| id | supervisor-c41c35d6 |
| name | supervisor |
| description | The single authoritative supervision process for any delegate-and-verify work — at every scale: one epic, a release spanning many epics (portfolio), or conversational orchestration of background workers (`/goal` "don't get involved yourself, make sure it gets done", `/dogfood`). Stateless tick driven by `/loop`; cross-tick state lives in the task body. Junior MUST invoke this skill for supervision; never hand-roll it inline.
|
| triggers | ["supervise","supervisor","shepherd","coordinate epic","get these done","make sure it gets done","don't get involved yourself","delegate this and verify","supervise these agents","dogfood","ready the release","drive the release","portfolio supervision"] |
| modifies_files | true |
| needs_task | false |
| mode | iterative |
| domain | ["operations"] |
Supervisor — The Supervision Process
This skill is the framework's supervision process at every scale. The discipline below is
identical across all three contexts; only the unit of state changes: Epic (one PKB epic,
cross-tick state in the body), Portfolio/Release (many epics, state in release task body),
and Conversational orchestration (background Agent() workers, ledger still opened). There
are no deterministic halt brakes: halt, escalate, and promote by judgment on the proof
discipline below — not by row counters.
When to Invoke (mandatory)
Junior and any orchestrator MUST run supervision through this skill — never hand-rolled in
the main conversation — whenever delegating work and verifying it gets done. This includes
/goal "delegate this, don't get involved yourself, make sure it actually gets done", /dogfood
runs, and any delegate-and-verify loop over background workers. "I'm just the conversational
orchestrator" is not an exemption.
For universal dispatch rules (expand terse instructions, pre-dispatch gates, surface variants):
see [[references/dispatch-rules]] and [[instructions/worker-dispatch]].

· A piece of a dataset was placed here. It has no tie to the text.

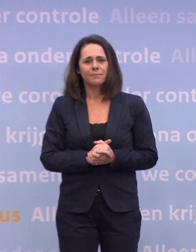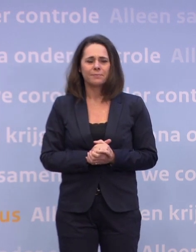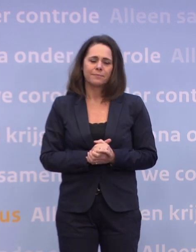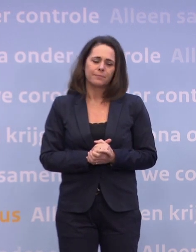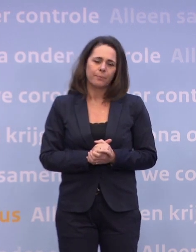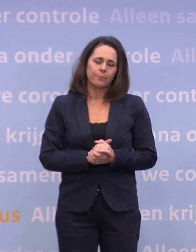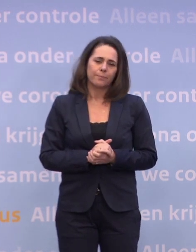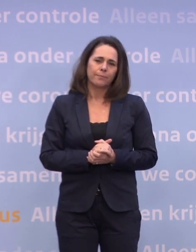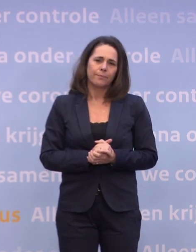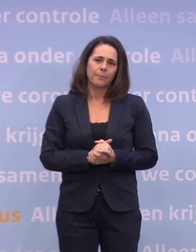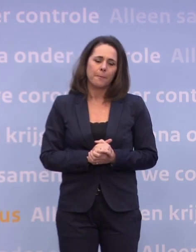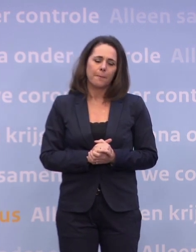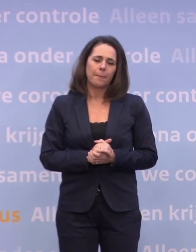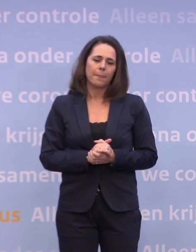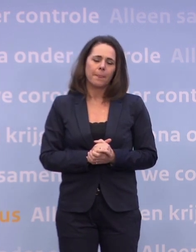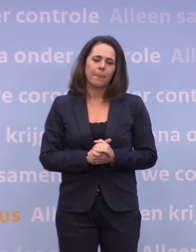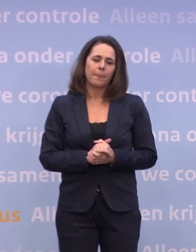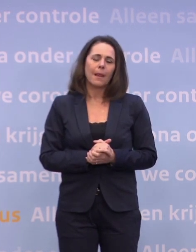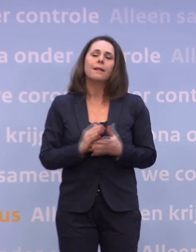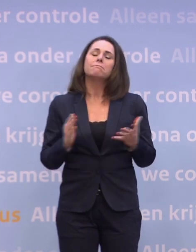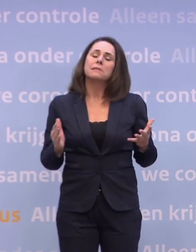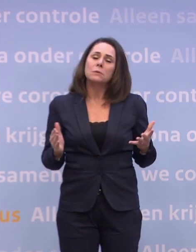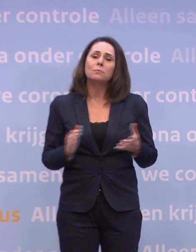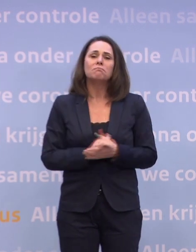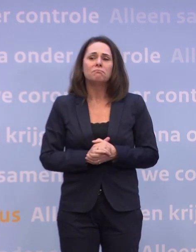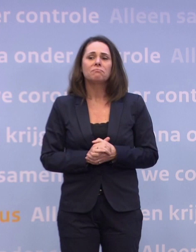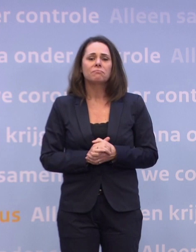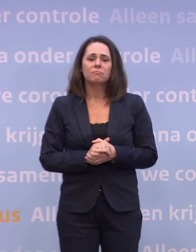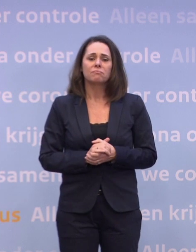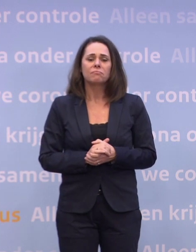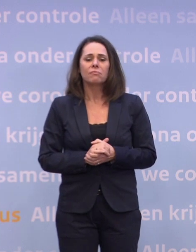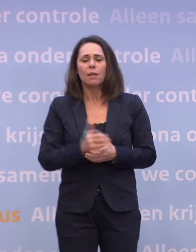Nou, we moeten goed kijken, denk ik, naar wat de omvang is van die groep.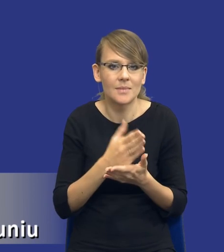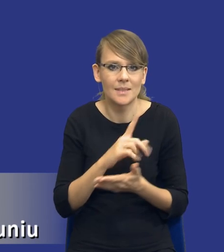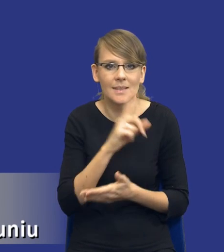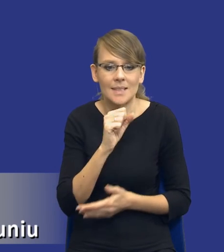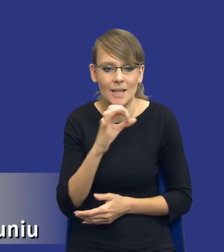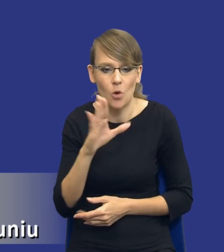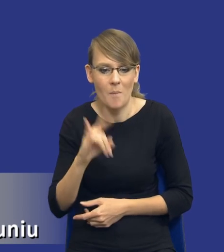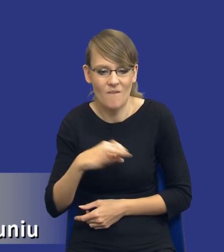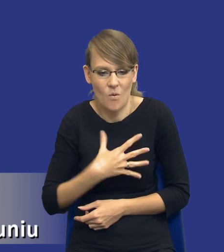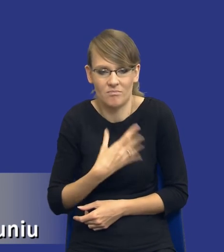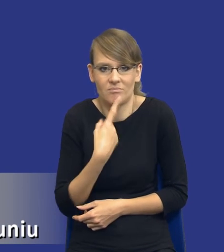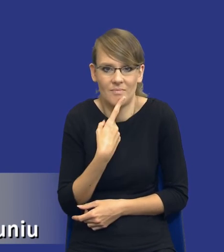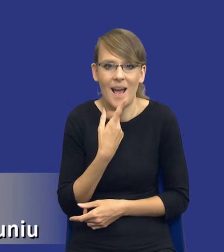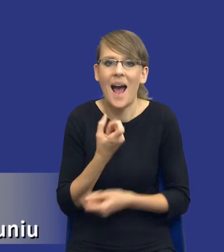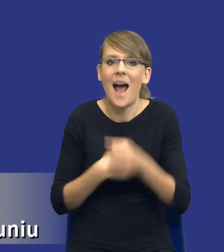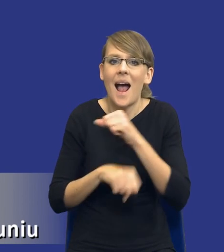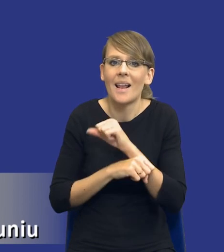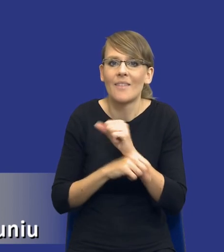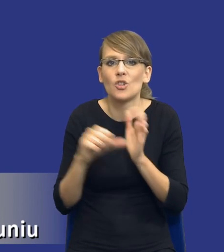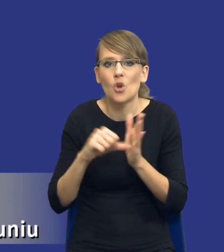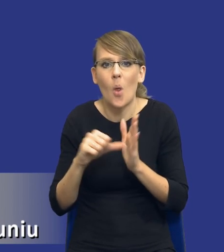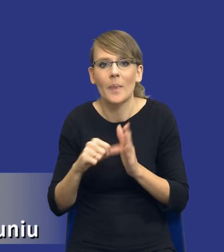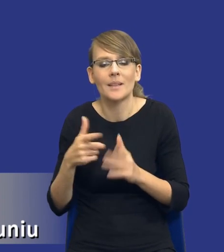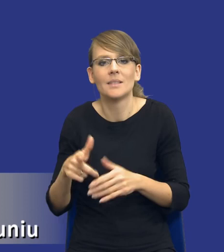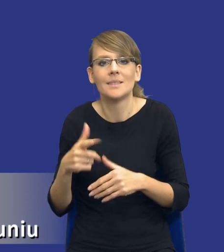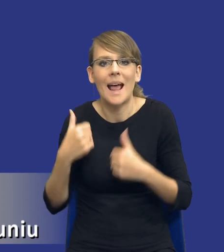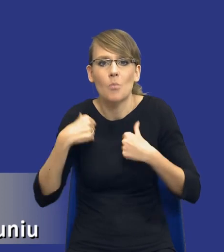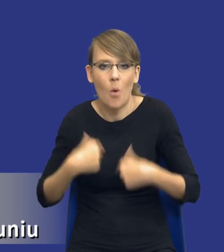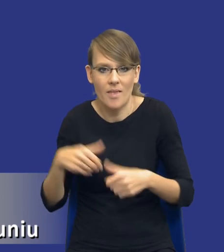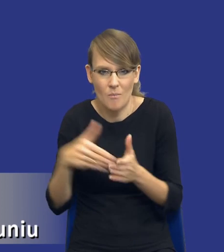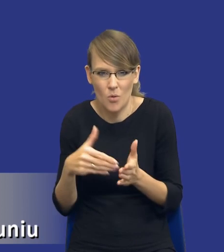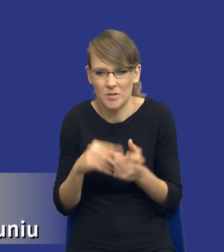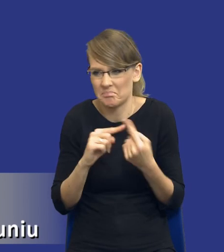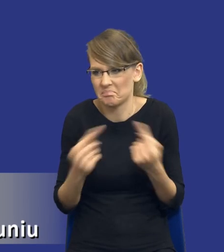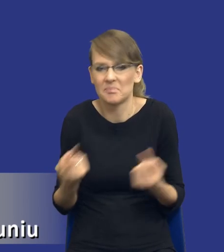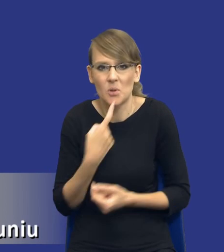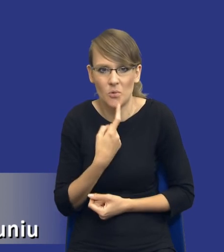Co to są alternatywne środki zaspokojenia owych potrzeb? No jest,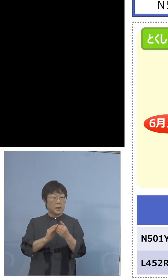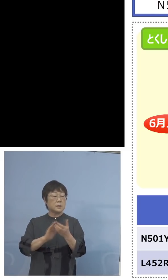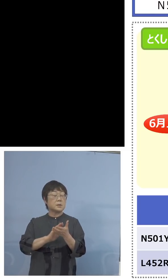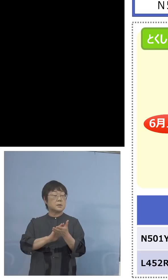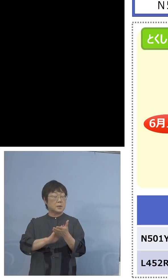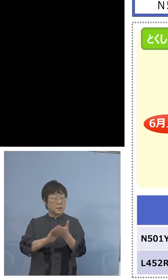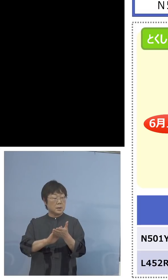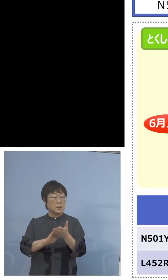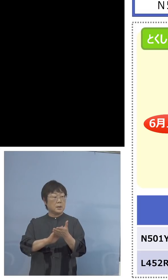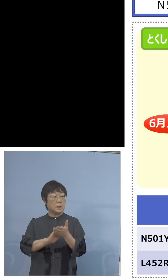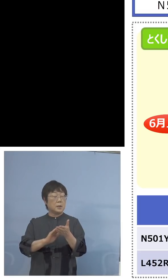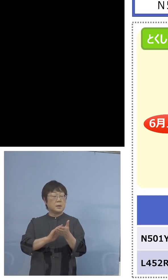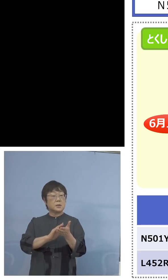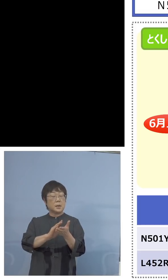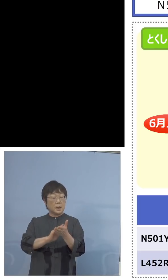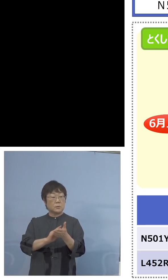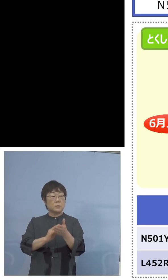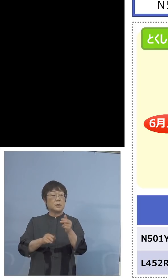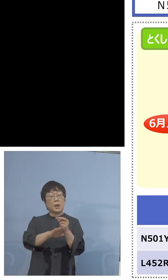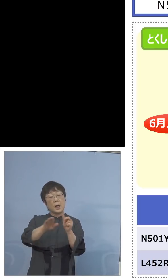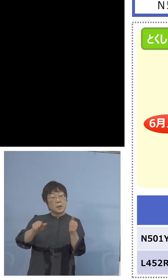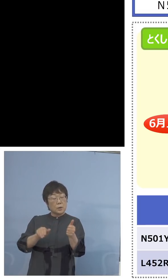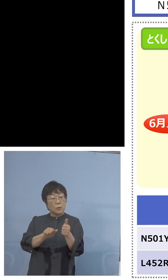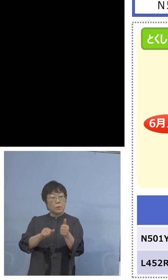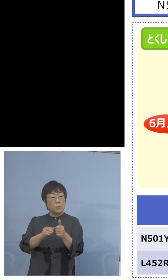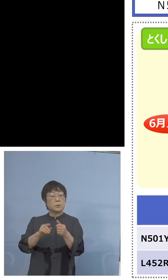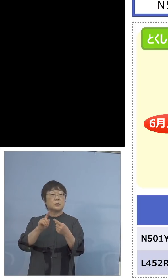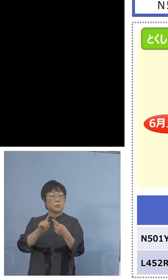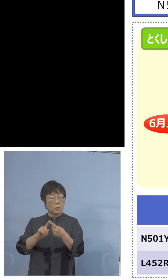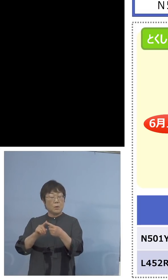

Holding Delegated Work to Proof
Core discipline — applies in every mode, on every tick. Your value is not trusting any
single agent: proof claims, isolate confounds, never relay a conclusion you have not made
falsifiable. Posture: supervise, don't do. Hold the conclusion, not the file dumps; hand
bulk reading to the cheap summariser agent (§7) — never absorb a 30k narrative to lift a
one-line verdict.
§1 — Orient before the FIRST dispatch (mandatory, no exceptions). Four steps: (1) PKB
semantic search — prior diagnoses, recorded harnesses, related tasks, known confounds; (2)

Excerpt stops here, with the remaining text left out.